Importing goods for business is a good idea for the growth of business. But one should adopt right strategies for long term growth and profitability which further depends on the knowledge and understanding of importer about the international market and foreign market analysis.
Now a day, goods are importing from foreign countries at very large scale because it is very profitable business. You have noted down that the household items and equipment you have in your home may be made in West Germany, made in Japan, made in Korea or made in China. You may have clothing from India, shoes from Brazil, a leather wallet from Italy. Your car may be an import; your stereo equipment may be manufactured elsewhere. There are hundreds of items manufactured all over the world, now being used by the Indian consumer.
So, if you have ability to sell, the import business might be right for you. All you need is the desire and determination to make it work.
There are many supporting reasons which explain why import business and services is growing at such a fast rate:-
Availability: You know that every country has some rich natural sources which other don’t. So, the businessmen have to import those things in their country for the fulfillment of the needs of their country person. For example Bananas in Alaska, Mahogany Lumber in Maine and Ball Park franks in France. India is heavily dependent on crude oil imports with petroleum crude accounting for about 34 percent of the total inward shipments.
Status: Some people like to buy things which are imported from foreign countries because it’s their status symbol. For example: Italian furniture, French perfume, Egyptian cotton, German beer and many other things. It all seems classier when it comes from distant place.
Price: Pricing of imported items is also an important factor. Because price of some products are cheaper than the same manufactured in home country. For example Korean toys, Taiwanese electronics and Mexican clothing, to rattle off a few, can often be manufactured or assembled in foreign factories for far less money than if they were made on the domestic country.

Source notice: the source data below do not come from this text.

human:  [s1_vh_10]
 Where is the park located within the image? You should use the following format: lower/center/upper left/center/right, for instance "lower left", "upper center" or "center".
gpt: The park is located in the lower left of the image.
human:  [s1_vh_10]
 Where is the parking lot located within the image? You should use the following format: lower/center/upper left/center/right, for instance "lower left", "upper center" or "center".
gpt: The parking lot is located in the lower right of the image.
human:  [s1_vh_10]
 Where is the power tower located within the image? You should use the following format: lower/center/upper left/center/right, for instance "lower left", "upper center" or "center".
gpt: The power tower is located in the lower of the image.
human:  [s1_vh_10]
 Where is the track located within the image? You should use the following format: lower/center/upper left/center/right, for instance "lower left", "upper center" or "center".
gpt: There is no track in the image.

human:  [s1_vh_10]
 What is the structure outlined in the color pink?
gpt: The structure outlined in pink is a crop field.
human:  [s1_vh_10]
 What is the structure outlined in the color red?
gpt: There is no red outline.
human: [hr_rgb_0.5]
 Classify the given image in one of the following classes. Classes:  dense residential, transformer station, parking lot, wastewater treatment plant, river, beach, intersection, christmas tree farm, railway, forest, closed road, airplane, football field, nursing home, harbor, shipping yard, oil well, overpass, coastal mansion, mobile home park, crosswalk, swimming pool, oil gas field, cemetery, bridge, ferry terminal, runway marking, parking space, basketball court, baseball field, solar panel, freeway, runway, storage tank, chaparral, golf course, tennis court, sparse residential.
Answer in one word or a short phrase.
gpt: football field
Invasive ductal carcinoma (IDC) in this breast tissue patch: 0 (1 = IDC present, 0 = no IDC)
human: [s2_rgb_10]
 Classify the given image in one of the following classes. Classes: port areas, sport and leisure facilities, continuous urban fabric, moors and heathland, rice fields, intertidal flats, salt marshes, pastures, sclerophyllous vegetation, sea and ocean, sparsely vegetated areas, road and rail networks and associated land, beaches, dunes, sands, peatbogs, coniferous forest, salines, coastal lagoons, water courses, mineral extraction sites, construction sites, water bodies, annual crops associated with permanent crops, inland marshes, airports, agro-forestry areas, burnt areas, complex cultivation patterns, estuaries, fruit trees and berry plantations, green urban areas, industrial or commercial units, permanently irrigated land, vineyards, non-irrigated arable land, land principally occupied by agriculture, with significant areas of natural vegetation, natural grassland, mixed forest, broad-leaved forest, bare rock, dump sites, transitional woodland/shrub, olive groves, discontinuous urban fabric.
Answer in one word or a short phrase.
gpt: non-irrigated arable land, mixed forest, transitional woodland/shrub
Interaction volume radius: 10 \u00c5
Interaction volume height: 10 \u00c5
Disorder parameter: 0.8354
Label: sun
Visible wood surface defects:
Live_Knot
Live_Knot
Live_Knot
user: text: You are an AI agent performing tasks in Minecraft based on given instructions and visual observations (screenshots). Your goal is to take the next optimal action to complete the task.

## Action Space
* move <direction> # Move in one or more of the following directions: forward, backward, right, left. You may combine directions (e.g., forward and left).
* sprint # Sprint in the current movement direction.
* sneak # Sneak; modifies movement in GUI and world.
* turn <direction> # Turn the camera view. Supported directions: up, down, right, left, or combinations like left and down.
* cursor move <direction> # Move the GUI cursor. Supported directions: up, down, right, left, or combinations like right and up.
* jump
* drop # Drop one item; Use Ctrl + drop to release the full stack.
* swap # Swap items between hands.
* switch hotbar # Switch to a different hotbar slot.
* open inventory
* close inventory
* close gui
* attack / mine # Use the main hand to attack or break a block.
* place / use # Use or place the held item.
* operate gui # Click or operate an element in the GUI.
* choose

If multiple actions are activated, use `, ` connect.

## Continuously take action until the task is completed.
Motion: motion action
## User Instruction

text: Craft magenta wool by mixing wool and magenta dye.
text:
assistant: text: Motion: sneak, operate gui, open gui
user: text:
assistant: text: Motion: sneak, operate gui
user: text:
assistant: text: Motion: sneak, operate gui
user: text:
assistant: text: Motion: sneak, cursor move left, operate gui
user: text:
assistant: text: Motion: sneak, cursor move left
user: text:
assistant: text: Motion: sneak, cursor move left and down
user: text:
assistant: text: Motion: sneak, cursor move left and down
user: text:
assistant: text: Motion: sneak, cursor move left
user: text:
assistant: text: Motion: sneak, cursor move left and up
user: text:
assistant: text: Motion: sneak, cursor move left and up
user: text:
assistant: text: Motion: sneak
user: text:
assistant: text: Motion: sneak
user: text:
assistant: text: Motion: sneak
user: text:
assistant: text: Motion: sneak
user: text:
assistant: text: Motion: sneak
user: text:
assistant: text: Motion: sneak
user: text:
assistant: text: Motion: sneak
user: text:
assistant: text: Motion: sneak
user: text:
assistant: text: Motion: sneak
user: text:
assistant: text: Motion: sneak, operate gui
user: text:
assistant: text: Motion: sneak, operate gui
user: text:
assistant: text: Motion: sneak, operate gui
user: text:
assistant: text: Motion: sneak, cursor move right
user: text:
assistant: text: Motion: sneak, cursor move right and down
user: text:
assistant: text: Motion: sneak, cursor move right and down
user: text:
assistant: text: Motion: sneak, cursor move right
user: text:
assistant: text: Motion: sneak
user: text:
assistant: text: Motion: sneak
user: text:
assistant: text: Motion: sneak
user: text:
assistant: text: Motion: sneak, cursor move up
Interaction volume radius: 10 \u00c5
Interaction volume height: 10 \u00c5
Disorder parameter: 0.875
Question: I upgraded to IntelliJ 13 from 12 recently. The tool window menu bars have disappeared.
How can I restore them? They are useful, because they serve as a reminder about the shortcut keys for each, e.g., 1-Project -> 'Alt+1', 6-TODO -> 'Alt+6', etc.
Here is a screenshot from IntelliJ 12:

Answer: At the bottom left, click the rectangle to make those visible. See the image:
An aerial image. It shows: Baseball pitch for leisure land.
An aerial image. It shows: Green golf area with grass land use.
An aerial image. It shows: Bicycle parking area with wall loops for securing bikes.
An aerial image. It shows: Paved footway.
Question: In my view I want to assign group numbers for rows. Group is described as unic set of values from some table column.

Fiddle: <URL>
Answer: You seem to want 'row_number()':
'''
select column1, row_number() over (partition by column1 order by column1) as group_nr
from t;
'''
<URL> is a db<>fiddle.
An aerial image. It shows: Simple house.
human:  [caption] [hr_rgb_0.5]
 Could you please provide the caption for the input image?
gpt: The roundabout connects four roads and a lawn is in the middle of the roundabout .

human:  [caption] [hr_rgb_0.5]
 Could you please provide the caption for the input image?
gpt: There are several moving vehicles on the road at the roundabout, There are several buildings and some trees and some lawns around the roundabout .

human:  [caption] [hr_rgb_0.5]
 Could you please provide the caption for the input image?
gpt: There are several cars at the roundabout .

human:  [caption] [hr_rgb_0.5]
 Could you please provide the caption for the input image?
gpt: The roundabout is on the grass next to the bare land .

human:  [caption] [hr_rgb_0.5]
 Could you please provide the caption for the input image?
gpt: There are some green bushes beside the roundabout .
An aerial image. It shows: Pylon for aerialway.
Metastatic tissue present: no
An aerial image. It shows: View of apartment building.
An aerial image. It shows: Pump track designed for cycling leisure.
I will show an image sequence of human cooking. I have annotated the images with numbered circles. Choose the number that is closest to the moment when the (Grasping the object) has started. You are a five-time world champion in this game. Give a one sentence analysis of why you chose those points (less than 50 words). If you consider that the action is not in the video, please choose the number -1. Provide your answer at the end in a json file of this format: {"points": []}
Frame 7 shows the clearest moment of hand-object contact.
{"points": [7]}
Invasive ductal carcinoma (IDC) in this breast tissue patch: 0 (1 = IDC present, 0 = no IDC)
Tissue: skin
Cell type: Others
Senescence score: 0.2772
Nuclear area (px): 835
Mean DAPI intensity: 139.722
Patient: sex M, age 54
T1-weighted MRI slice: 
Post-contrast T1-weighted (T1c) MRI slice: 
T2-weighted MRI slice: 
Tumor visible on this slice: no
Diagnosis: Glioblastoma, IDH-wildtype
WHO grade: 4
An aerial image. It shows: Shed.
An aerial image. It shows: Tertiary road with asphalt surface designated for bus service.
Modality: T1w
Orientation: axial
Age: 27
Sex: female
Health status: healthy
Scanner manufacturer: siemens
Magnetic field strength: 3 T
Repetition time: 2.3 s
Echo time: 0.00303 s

The income of middle class consumers in India rises and their increasing levels on expenditure on various products has result a faster rising demand of the Indian import business. Imports in India increased to 35740 USD Million in March of 2015 from 28392.30 USD Million in February of 2015. Imports in India averaged 6225.45 USD Million from 1957 until 2015, reaching an all time high of 45281.90 USD Million in May of 2011 and a record low of 117.40 USD Million in August of 1958. An import in India is reported by the Ministry of Commerce and Industry, India. Major imports of India include cereals, edible oils, machineries, fertilizers and petroleum products, edible oil, sugar, pulp and paper, newsprint, crude rubber and Iron and steel.
In India, the Directorate General of Foreign Trade (DGFT) established Exim Policy or Foreign Trade Policy for the matters related to the import and export of goods in India. Exim Policy of the Indian Government and is regulated by the Foreign Trade Development and Regulation Act, 1992. All the procedure and policies in matter related to the import is announced by the DGFT through its notification, appendices and forms.